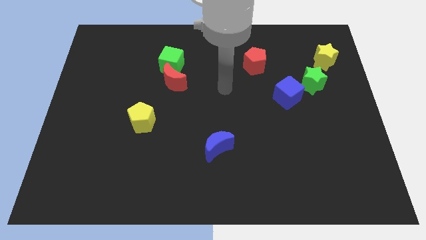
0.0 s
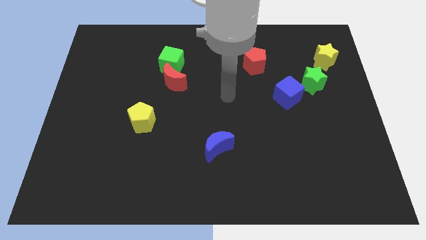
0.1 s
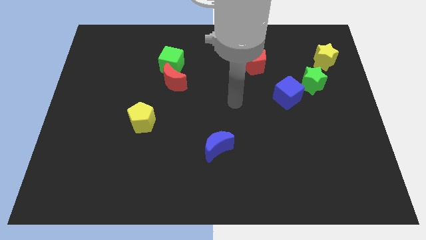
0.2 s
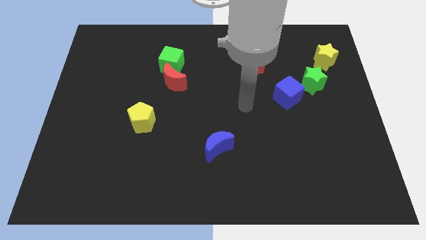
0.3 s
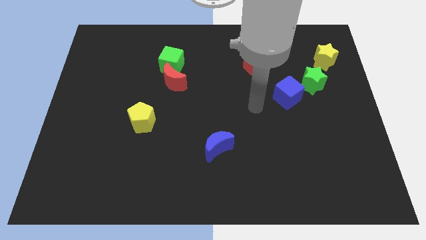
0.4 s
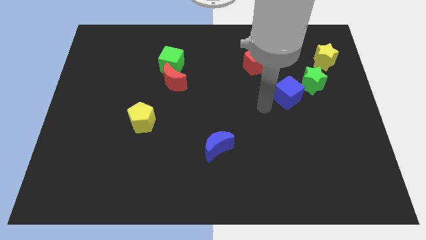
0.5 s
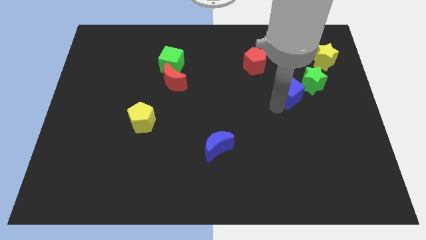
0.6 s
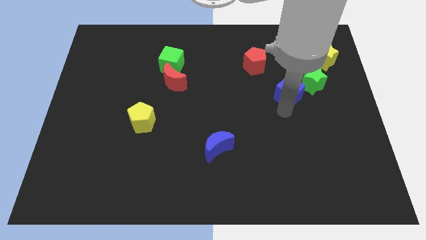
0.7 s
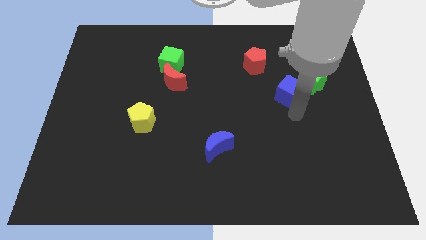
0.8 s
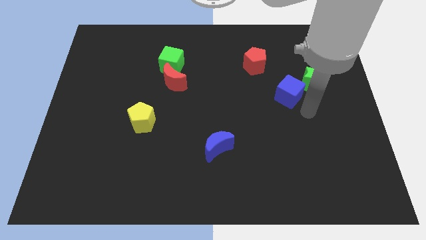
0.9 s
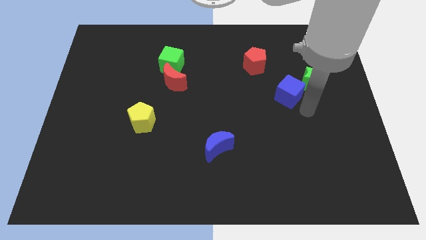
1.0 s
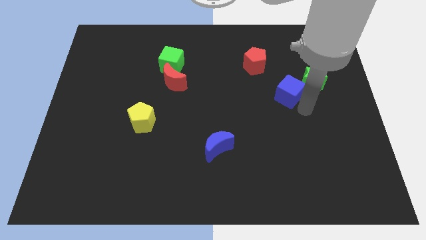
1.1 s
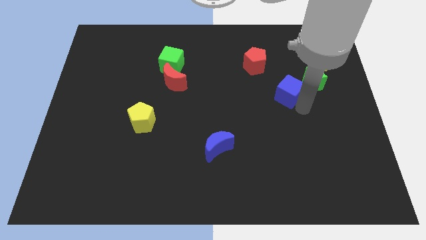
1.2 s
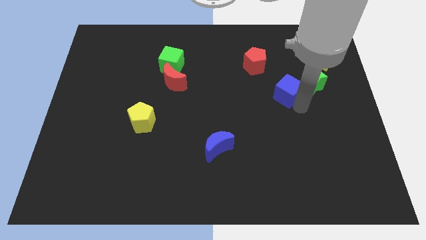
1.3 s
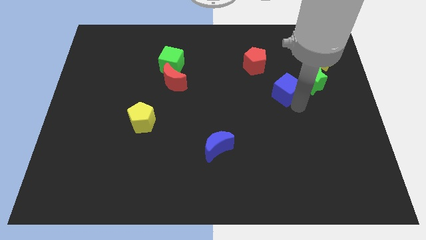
# # # # # # #
- [WHAT YOU NEED TO DO]
Take every line of the material and copy it exactly, leaving out the pictures.

- [SOLUTION TO THIS TASK]
0.0 s
0.1 s
0.2 s
0.3 s
0.4 s
0.5 s
0.6 s
0.7 s
0.8 s
0.9 s
1.0 s
1.1 s
1.2 s
1.3 s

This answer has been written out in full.